# Task objective
Every line below is to be given again precisely; images are to be left out.

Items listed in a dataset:
-----

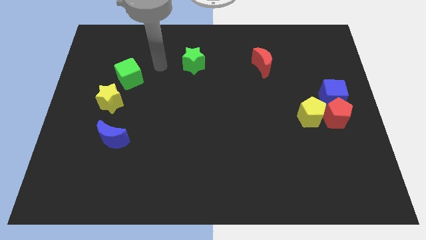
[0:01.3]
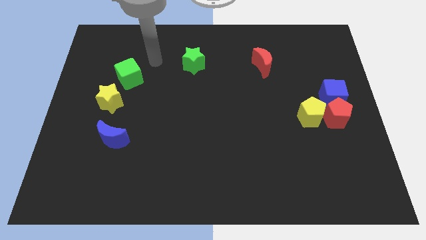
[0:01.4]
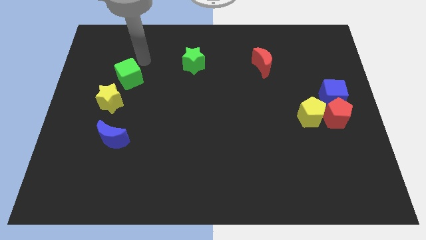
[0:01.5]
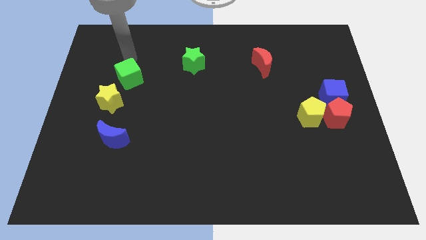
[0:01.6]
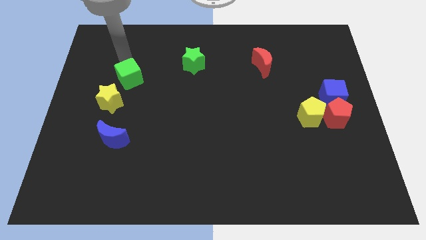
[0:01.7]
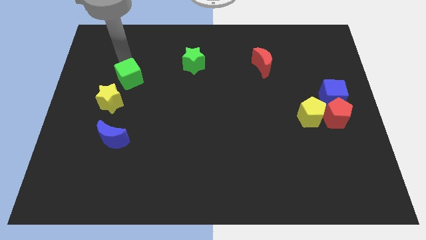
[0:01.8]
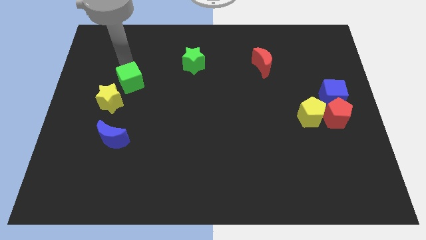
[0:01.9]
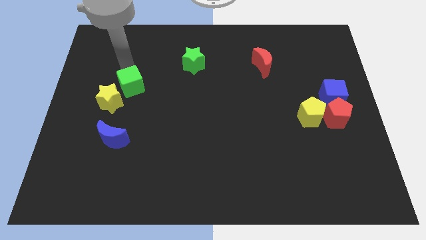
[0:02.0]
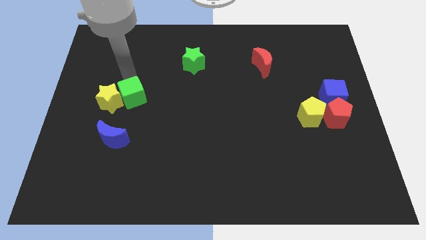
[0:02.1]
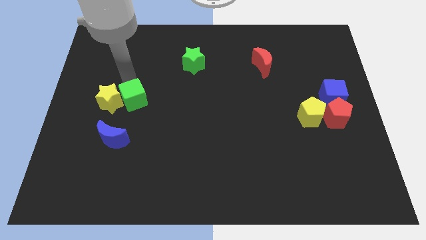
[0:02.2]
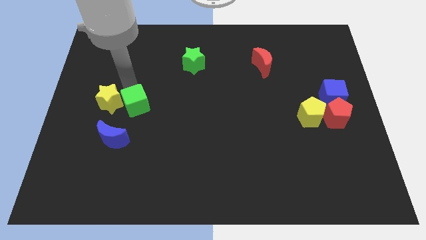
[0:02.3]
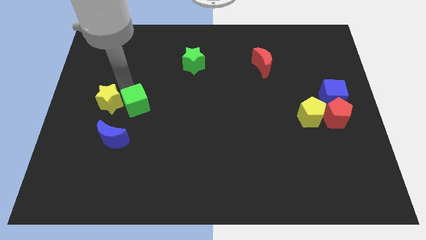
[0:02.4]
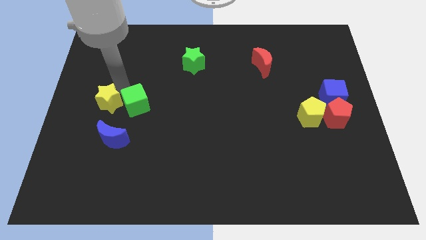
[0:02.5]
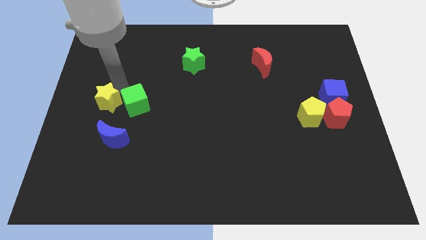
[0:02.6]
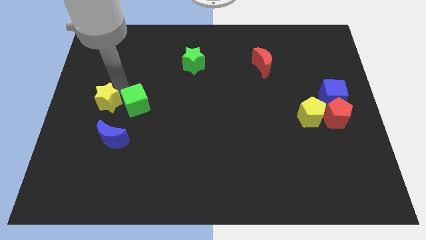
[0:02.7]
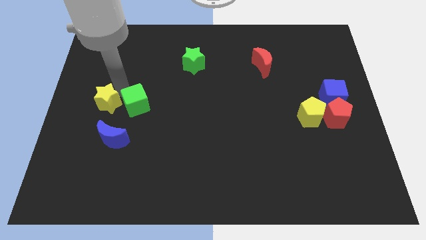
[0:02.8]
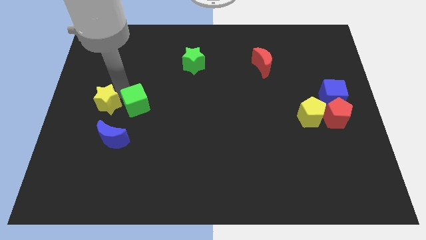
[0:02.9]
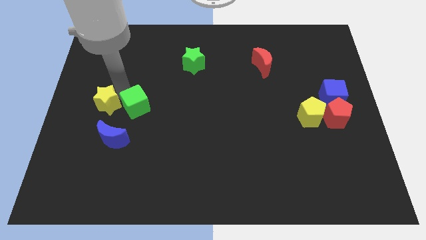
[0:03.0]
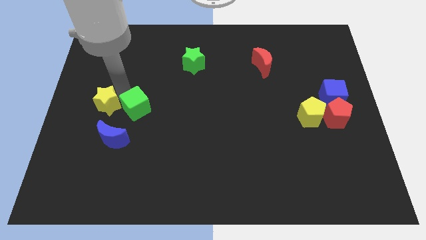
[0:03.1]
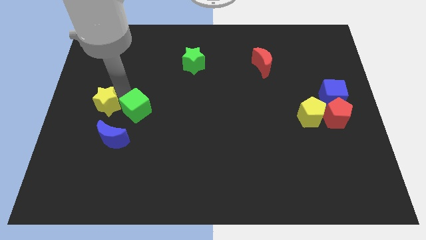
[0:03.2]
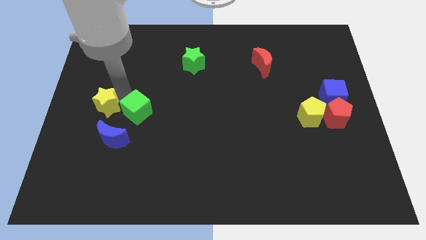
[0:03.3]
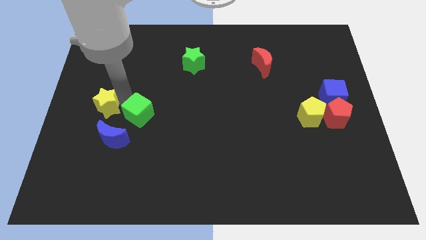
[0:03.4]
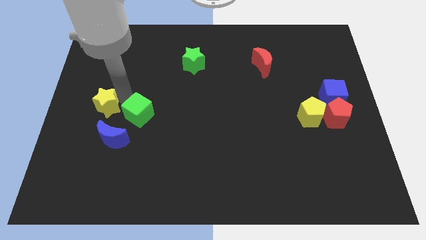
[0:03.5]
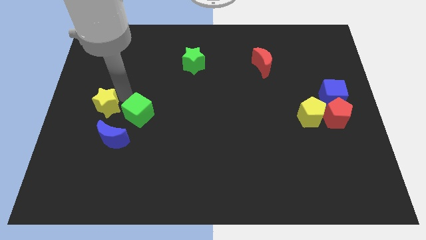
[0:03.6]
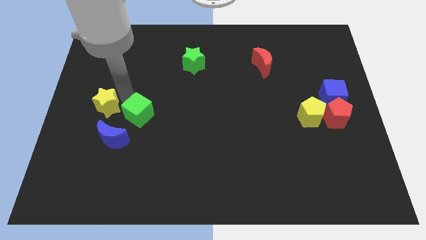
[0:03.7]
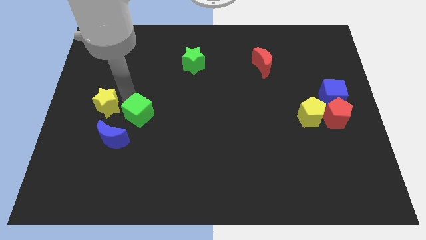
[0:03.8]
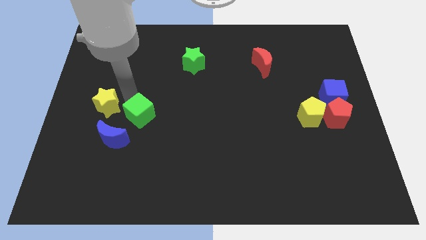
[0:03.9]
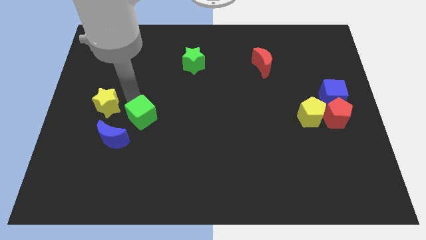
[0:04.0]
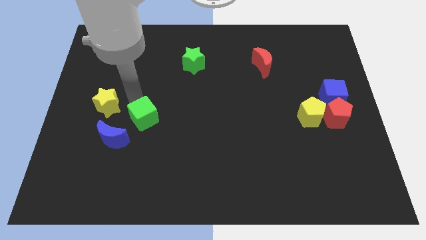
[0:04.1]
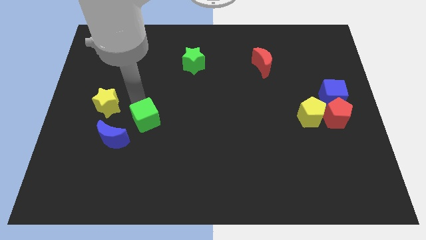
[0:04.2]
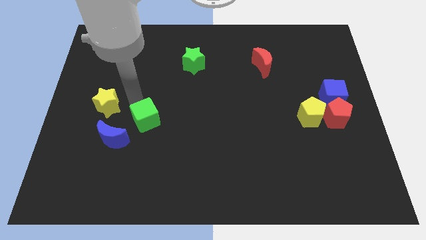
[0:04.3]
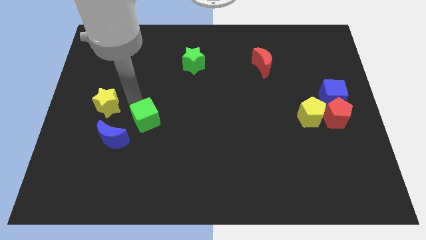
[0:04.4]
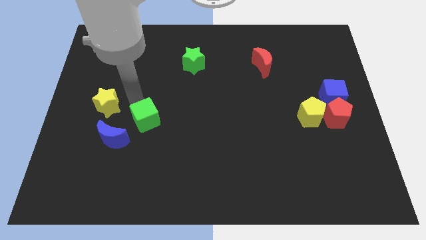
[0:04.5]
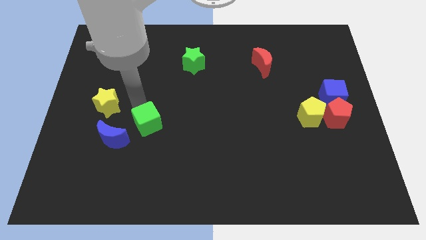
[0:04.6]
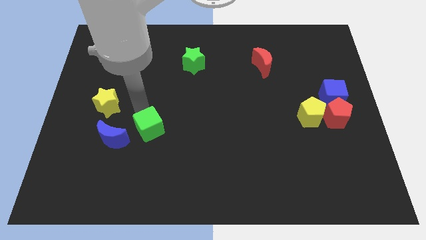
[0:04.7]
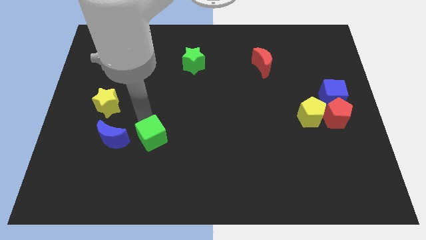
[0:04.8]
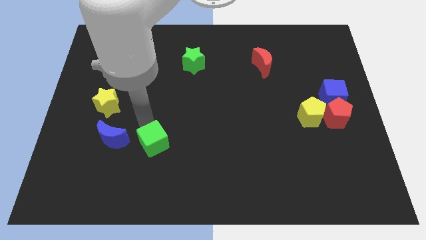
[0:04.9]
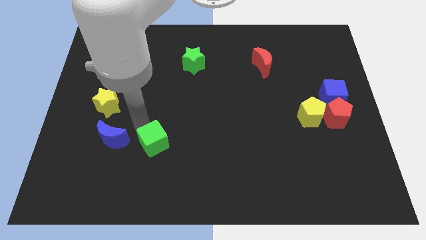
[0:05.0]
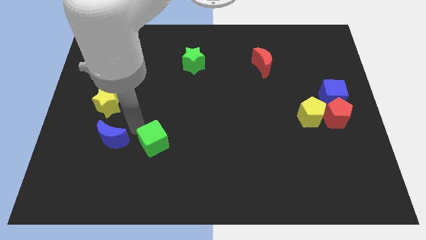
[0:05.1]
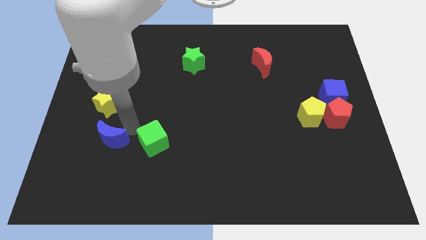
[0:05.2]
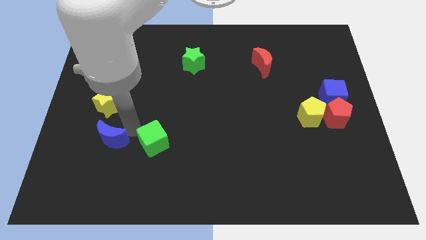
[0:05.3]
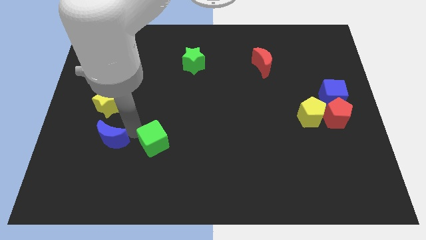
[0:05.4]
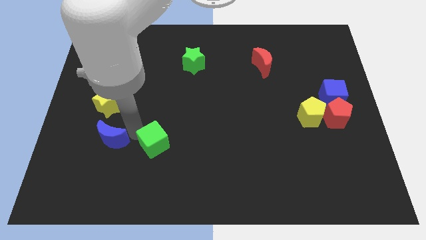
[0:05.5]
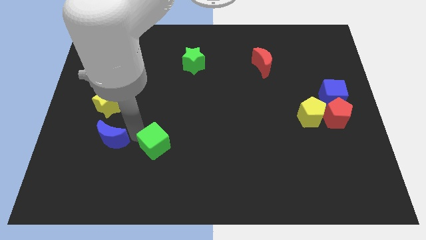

-----

# Answer below
[0:01.3]
[0:01.4]
[0:01.5]
[0:01.6]
[0:01.7]
[0:01.8]
[0:01.9]
[0:02.0]
[0:02.1]
[0:02.2]
[0:02.3]
[0:02.4]
[0:02.5]
[0:02.6]
[0:02.7]
[0:02.8]
[0:02.9]
[0:03.0]
[0:03.1]
[0:03.2]
[0:03.3]
[0:03.4]
[0:03.5]
[0:03.6]
[0:03.7]
[0:03.8]
[0:03.9]
[0:04.0]
[0:04.1]
[0:04.2]
[0:04.3]
[0:04.4]
[0:04.5]
[0:04.6]
[0:04.7]
[0:04.8]
[0:04.9]
[0:05.0]
[0:05.1]
[0:05.2]
[0:05.3]
[0:05.4]
[0:05.5]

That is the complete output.